• _Your goal_
Your reply should hold every entry below exactly as written and none of the pictures.

• _Data to process_
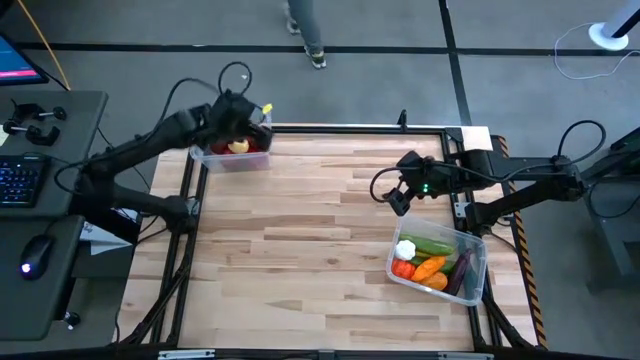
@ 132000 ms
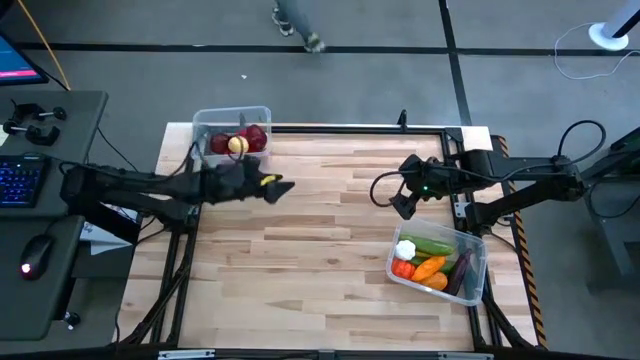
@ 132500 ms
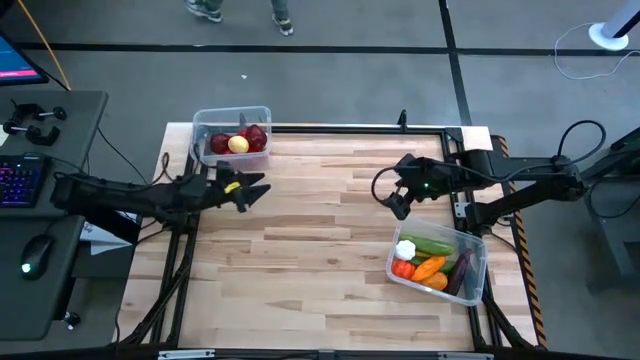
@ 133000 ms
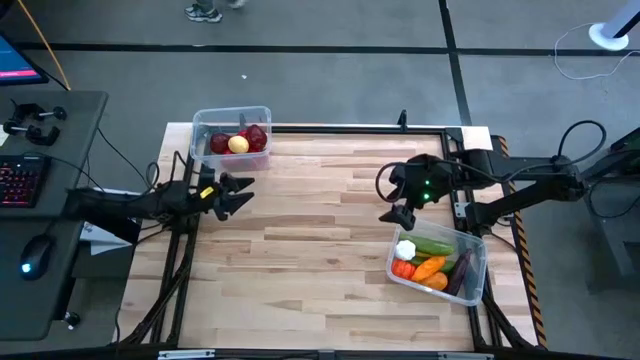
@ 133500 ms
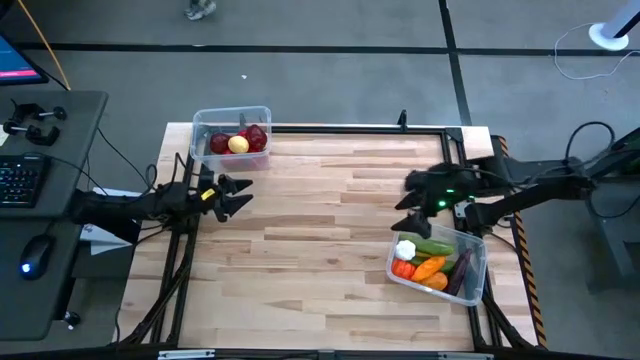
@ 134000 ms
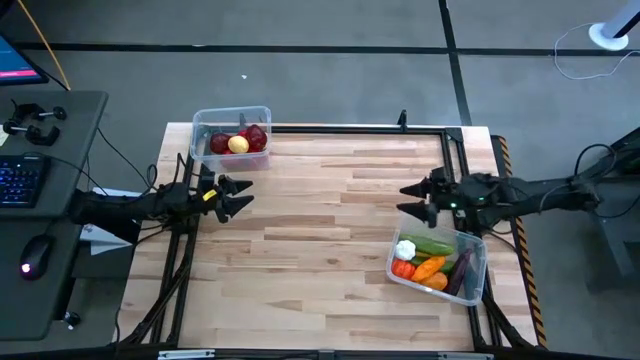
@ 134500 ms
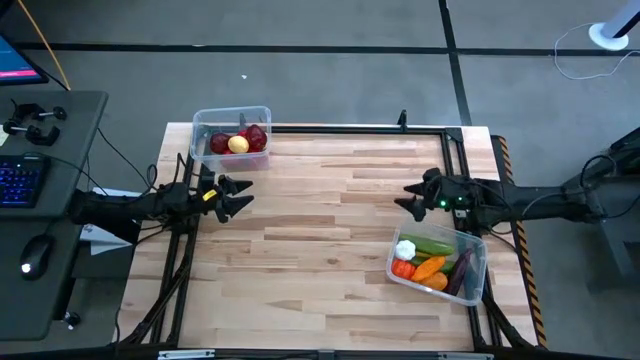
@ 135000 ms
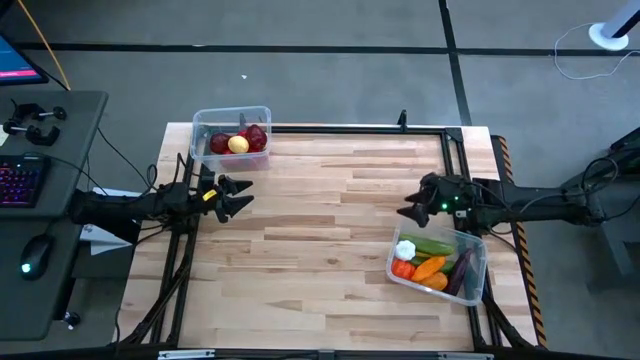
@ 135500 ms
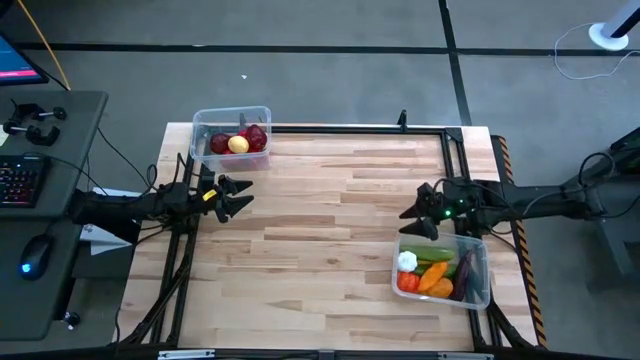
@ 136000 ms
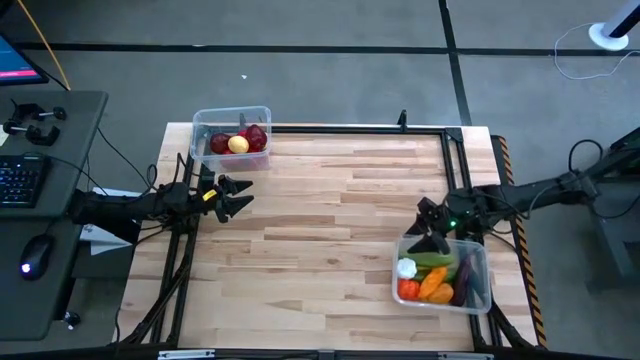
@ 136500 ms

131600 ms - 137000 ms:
Adjust the bottom transparent bin on the table

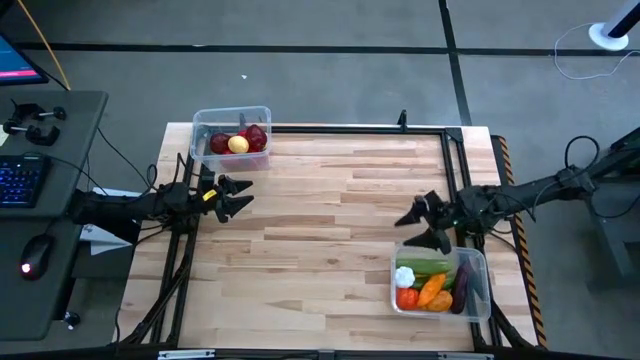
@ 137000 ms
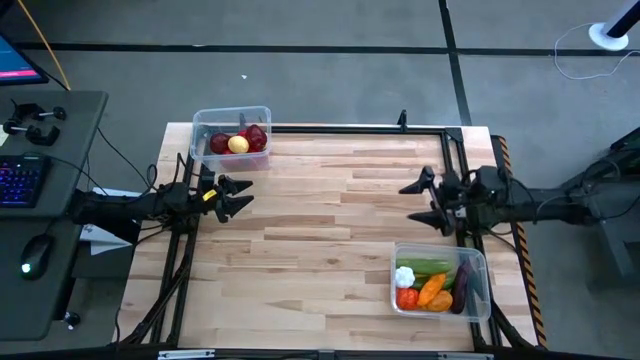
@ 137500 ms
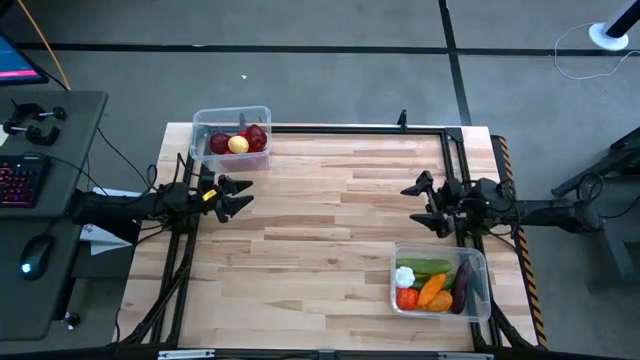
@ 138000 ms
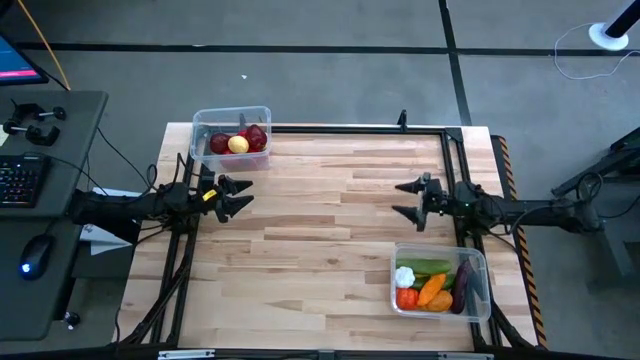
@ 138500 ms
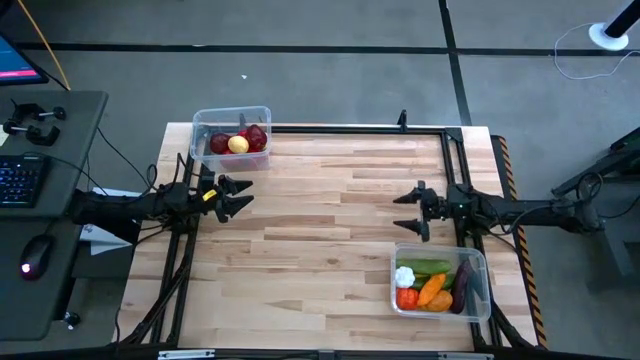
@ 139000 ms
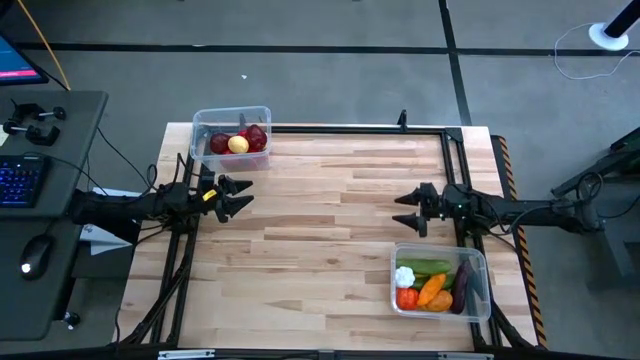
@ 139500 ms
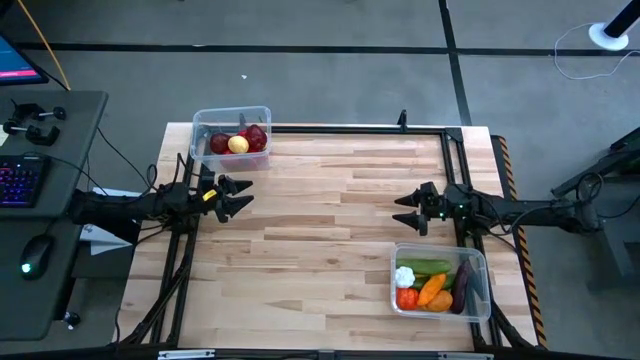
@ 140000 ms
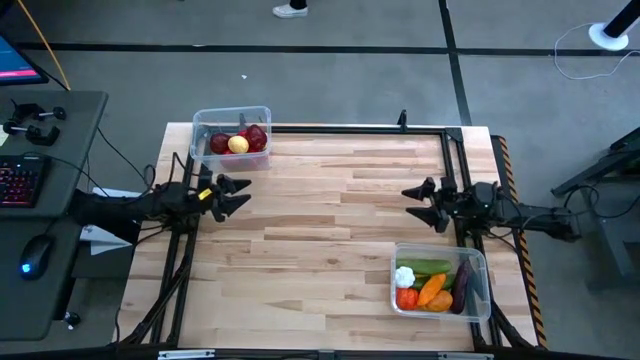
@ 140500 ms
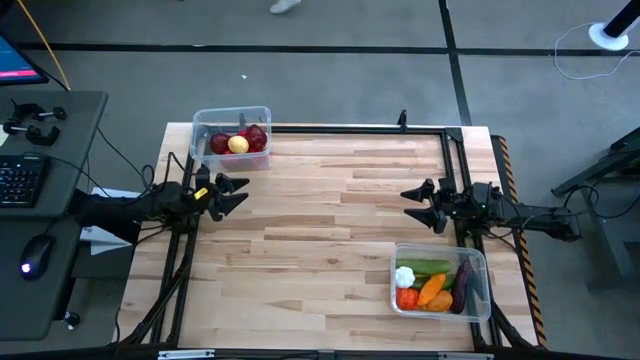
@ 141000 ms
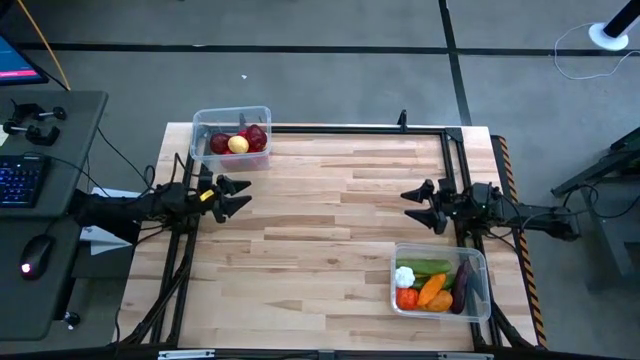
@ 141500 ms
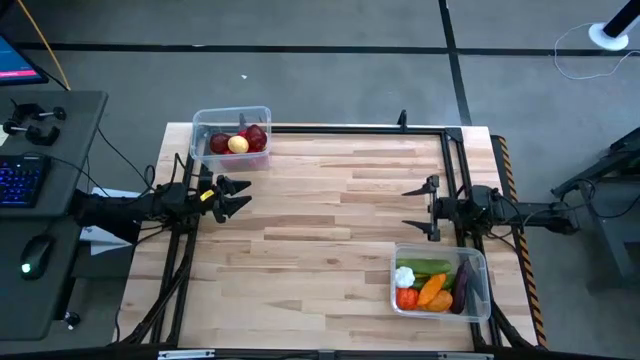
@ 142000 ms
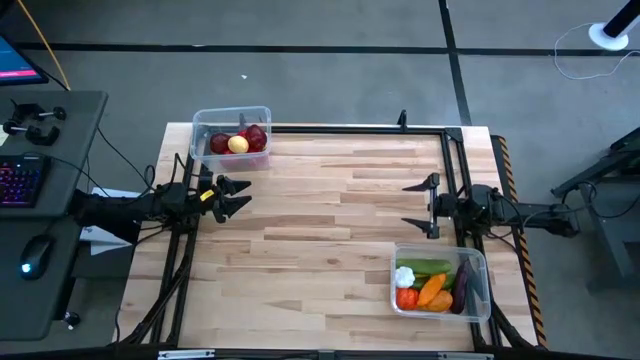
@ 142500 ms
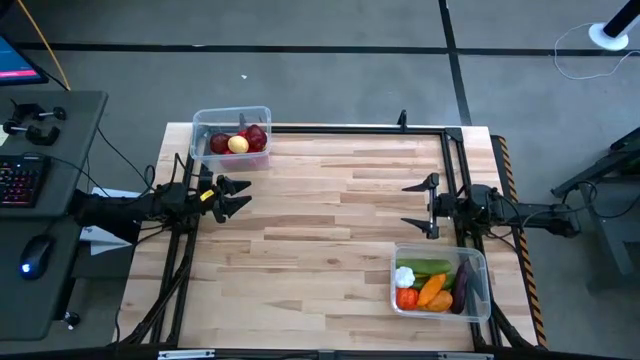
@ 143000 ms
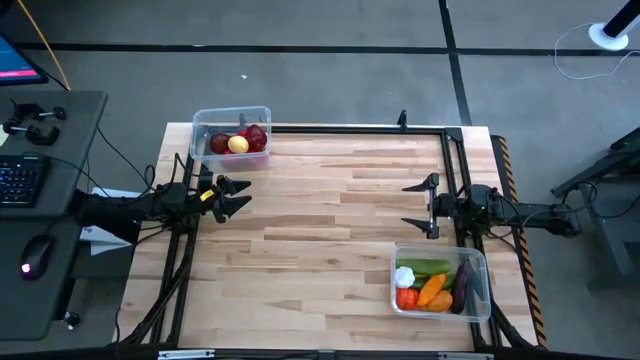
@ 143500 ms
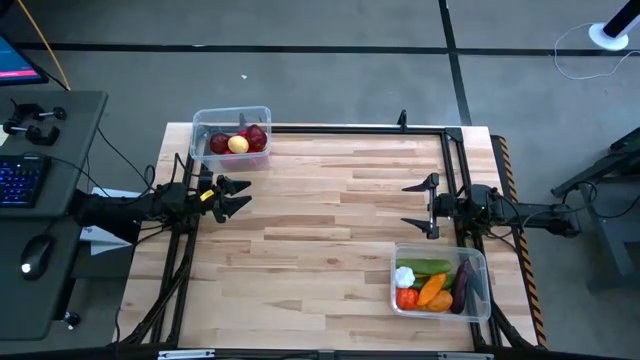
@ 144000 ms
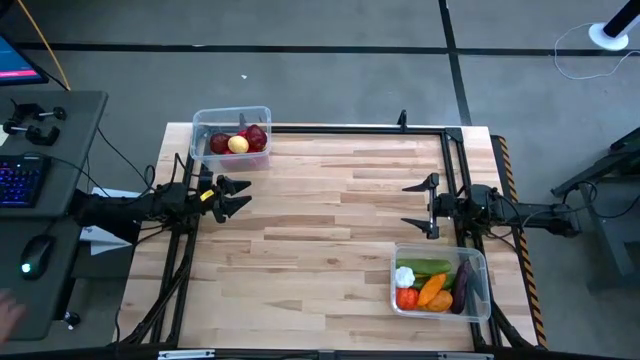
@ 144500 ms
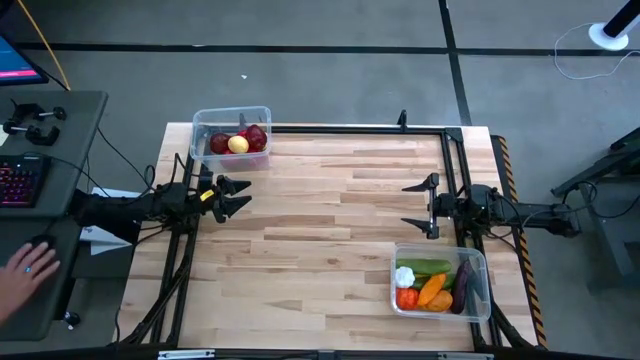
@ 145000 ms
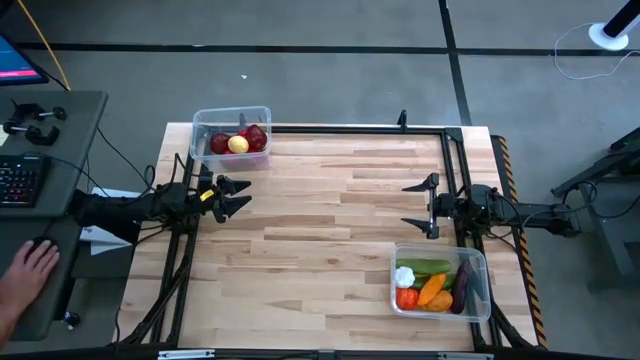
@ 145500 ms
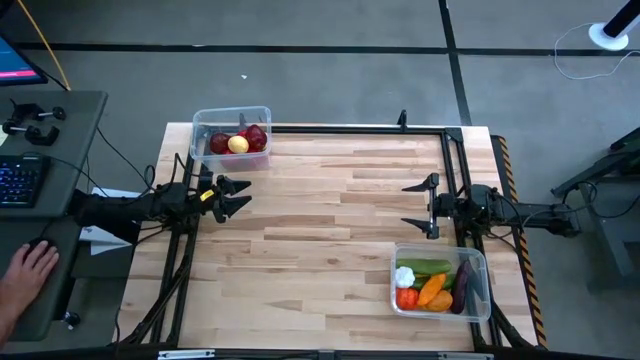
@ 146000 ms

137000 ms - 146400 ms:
Return to Home Position

• _Result for this exercise_
@ 132000 ms
@ 132500 ms
@ 133000 ms
@ 133500 ms
@ 134000 ms
@ 134500 ms
@ 135000 ms
@ 135500 ms
@ 136000 ms
@ 136500 ms

131600 ms - 137000 ms:
Adjust the bottom transparent bin on the table

@ 137000 ms
@ 137500 ms
@ 138000 ms
@ 138500 ms
@ 139000 ms
@ 139500 ms
@ 140000 ms
@ 140500 ms
@ 141000 ms
@ 141500 ms
@ 142000 ms
@ 142500 ms
@ 143000 ms
@ 143500 ms
@ 144000 ms
@ 144500 ms
@ 145000 ms
@ 145500 ms
@ 146000 ms

137000 ms - 146400 ms:
Return to Home Position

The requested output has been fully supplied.